There's a growing concern about the ecological effect tourists are having on sensitive parts of the world, but even locals are getting angry about being overrun with tourists in such meccas as Venice.

It seems there's nowhere tourists can't or won't go, except space and the bottom of the sea, and Richard Branson is trying to take tourists into space. One company is even promising rides to the moon by 2030!

Part of the problem is the unique combination of human population growth (out of control right now as the world plunges headlong towards 10 billion in the next decade - the single greatest negative environmental factor on the planet, but something no politicians want to talk about), increasing levels of per capita income as we "grow our economies", and ease of access to fast travel. As a consequence people are saying "take a cruise and hang the consequences" as the vast ocean liners pollute the oceans or ruin Venice.

Two images I saw recently summed up tourist overcrowding to perfection.

1. In a photography magazine recently there was a picture of a landscape scene in New Zealand (the Wanaka Tree is one, but this was another site) where tourists with IPhones are queuing for hours to get "the shot". Anyone who has been to parts of the Grand Canyon or Yosemite will have seen similar things. One professional photographer turned his camera from the scene to take a picture of hundreds of tourists in a queue to walk to the edge of a narrow ledge and have their photo taken looking into the abyss. It might well have been a parable of what excessive tourism is doing to the world!

2. The other and much more famous image is the one below of a conga line of "tourist" climbers trying to tick off their bucket list climb of the world's highest mountain. There is a very good article in The Good Weekend on this very subject. It's well worth the read.

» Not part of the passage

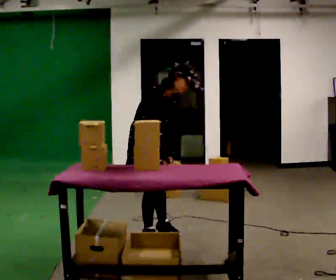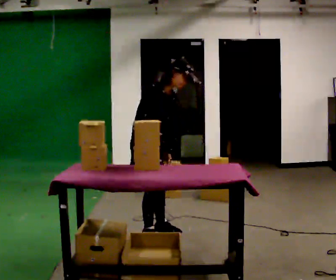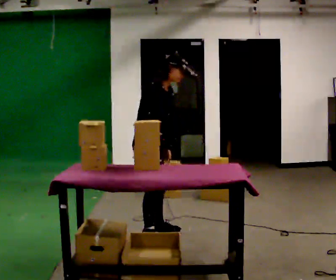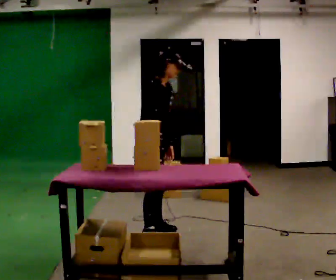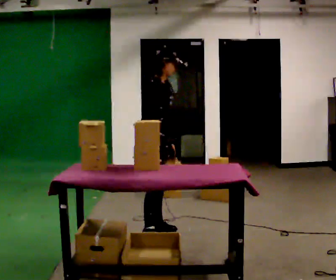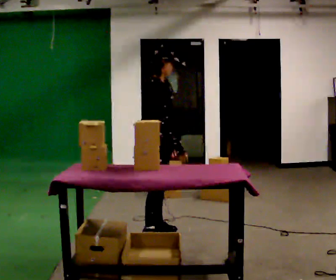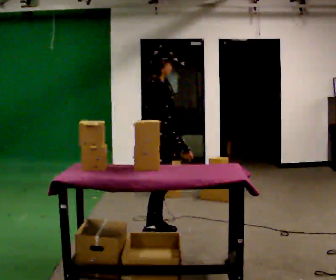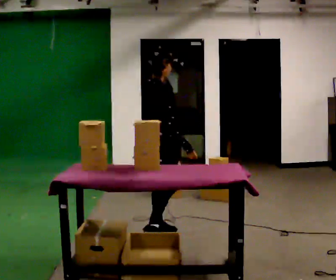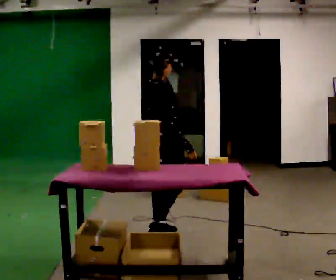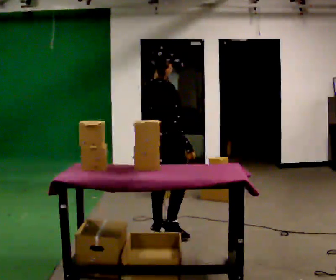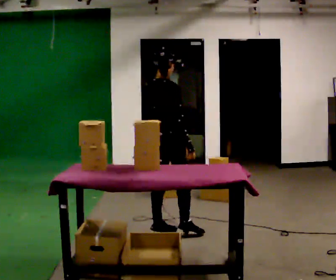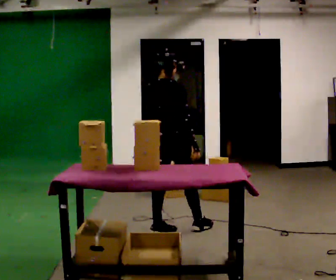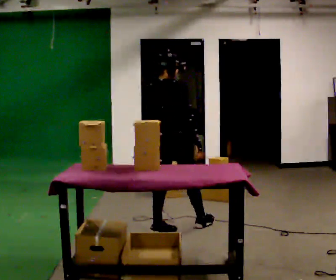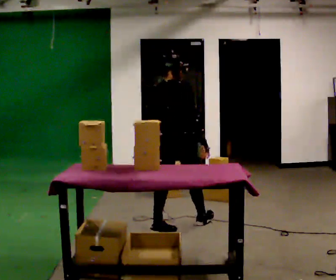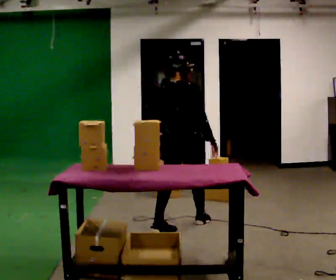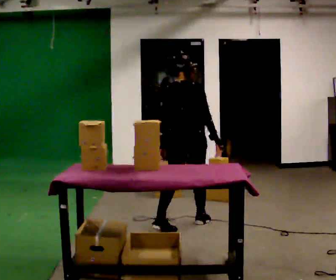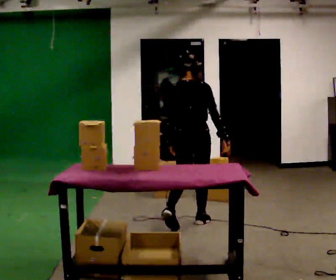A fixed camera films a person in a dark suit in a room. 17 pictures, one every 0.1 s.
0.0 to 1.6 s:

https://www.theage.com.au/national/moun ... 52gnz.html

It quote Australian mountaineer Greg Mortimer:
But the picture of the conga line of climbers on the southern summit ridge depressed Mortimer. “This guided climbing thing has flipped into madness,” he says. At 8848 metres, the top of Everest is well into the so-called “death zone”, where the atmosphere holds at best only one-third as much oxygen as at sea level. Bottled oxygen partially compensates, but climbers who encounter long delays are at risk of emptying their canisters. “Above 8000 metres, anyone is hovering on a knife-edge between life and death,” Mortimer says. “If you’ve got to wait in a bloody queue, you’re knocking on heaven’s door.”
Do people have so much disposable cash that it drives them mad? I too dreamed of climbing Everest in my youth, but I didn't want to mortgage my future to do it. Some people today are doing just that. And it's not just the bodies that litter Everest. The place is a veritable trashcan now and an open air toilet. It's so disgusting that I'm inclined to believe they should follow the Uluru model and close the mountain to climbing. It is after all Chongolongma - the sacred mountain. This is one more example of how tourism started as a spiritual pilgrimage and ended in a disgusting grab for cash.

It will only be a matter of time before locals start to close off large tracts of the world to visitors - unless tourists begin to ask themselves whether all this incessant travel is doing any good for the world at all. Maybe we would be better off to stay and spend our money locally. That would make our businesses more sustainable and protect the earth as well.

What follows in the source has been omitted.